Capstone Project: CrystalBall

Scott Jacobs
12/31/16

Executive Summary

I've built a proof of concept text prediction engine based on a large data set from SwiftKey. I've deployed it in a web app to show you how easy and useful it can be to prototype data products.

Key Takeaways;

Generating routines for cleaning and processing text is relatively easy and reproducible
Large bodies of text can be broken down into smaller, portable objects called sparse matrices
Web Apps can quickly be deployed and subsequently shut down according to need

A routine for cleaning text data & Creating N Grams

Firstly, for any natural language processing project some amount of data preparation is needed.

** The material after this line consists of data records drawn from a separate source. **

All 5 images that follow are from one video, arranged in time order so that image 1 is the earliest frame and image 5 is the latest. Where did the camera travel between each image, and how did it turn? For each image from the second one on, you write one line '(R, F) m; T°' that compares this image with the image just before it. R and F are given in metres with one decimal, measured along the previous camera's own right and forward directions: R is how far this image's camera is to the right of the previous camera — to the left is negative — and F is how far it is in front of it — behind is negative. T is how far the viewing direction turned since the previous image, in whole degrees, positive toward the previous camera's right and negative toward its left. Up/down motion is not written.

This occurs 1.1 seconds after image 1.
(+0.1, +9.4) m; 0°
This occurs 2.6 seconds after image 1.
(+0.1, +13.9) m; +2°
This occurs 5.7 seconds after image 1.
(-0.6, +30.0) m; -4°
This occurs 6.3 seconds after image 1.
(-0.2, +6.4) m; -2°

For this project a specific routine was created to meet the objectives of the project. It is reuseable, but also adaptable for future projects.
Secondly, using tidytext and tidyverse we can build robust pipelines for processing clean text into n gram frequency tables.

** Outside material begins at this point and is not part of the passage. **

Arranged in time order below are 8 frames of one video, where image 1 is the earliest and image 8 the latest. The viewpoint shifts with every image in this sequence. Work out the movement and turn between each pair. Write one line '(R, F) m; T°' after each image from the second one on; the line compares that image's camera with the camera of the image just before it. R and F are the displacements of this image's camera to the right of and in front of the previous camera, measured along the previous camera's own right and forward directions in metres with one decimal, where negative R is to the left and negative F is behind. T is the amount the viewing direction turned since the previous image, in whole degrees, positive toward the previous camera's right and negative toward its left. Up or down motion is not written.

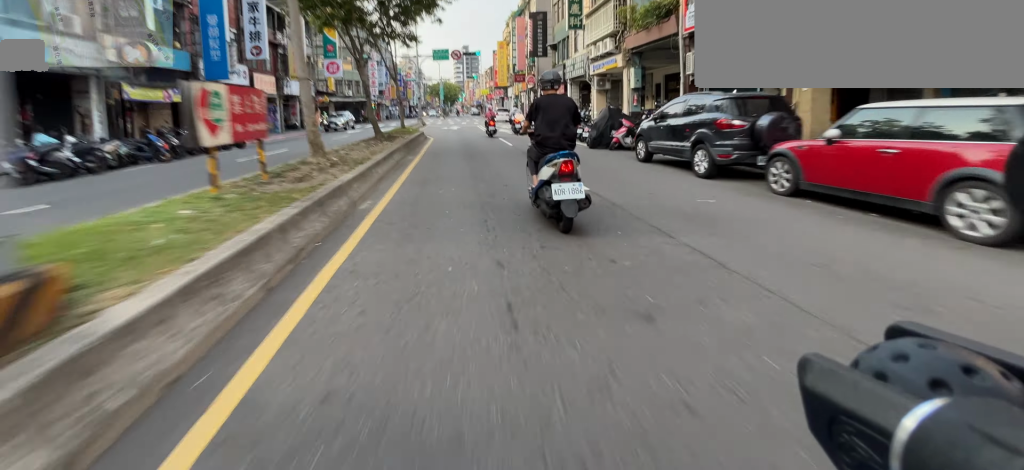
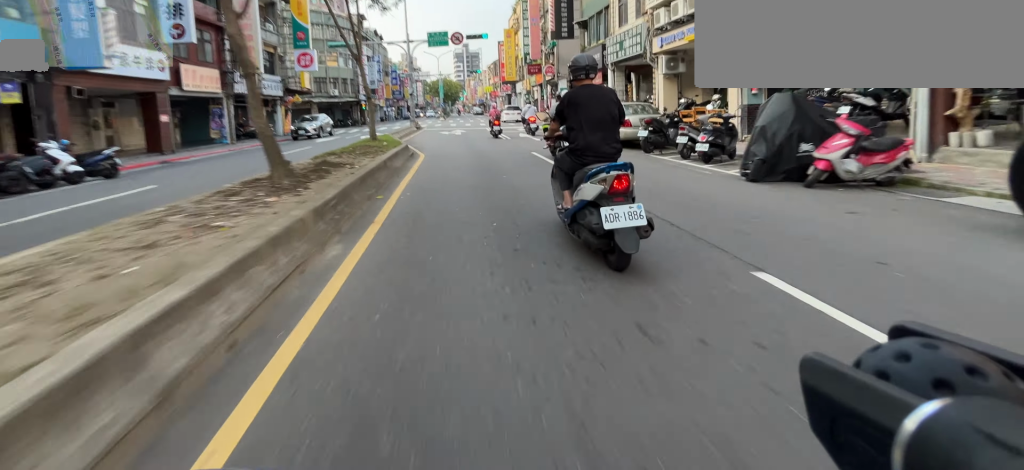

Generating Frequency Tables For NLP Prediction

Base R function xtabs generates a numeric table of frequency counts.
Using that large table object we can create a much smaller object called a sparse matrix.
These lightweight objects are very useful when deployed via web app in a storage and speed constrained environment.
Using Laplace smoothing, we ensure that there is very nearly always a word predicted by eliminating 0 probabilities in our matrix.
Predicting the next word in a phrase or sentence is as easy as looking up the last word or two words in the aforementioned sparse matrix, then identifying the highest probability word that follows.

Evaluating Performance

Using a holdout set for testing, random samples were taken and a prediction was generated.
Performance can be evaluated in terms of accuracy as well as speed and storage. While the predictive model does not posses great accuracy (~15%), it is fast and lightweight.
Most importantly, it met our objectives for this proof of concept.

Demonstration of Use

A word or phrase is entered into the box
A prediction is automatically generated and a plot showing other likely predicted words also appears. This can be helpful if your word was not predicted or if the word predicted did not occur with any great frequency, given the input phrase.
http://scolocoder.shinyapps.io

Conclusions

R gives us the tools to create prototypes quickly and efficiently
Web apps such as Shiny give us the opportunity to deliver a reactive experience with prototypes with minimal cost
If we plan on doing NLP going forward, we should dedicate computing resources to alleviate constraints.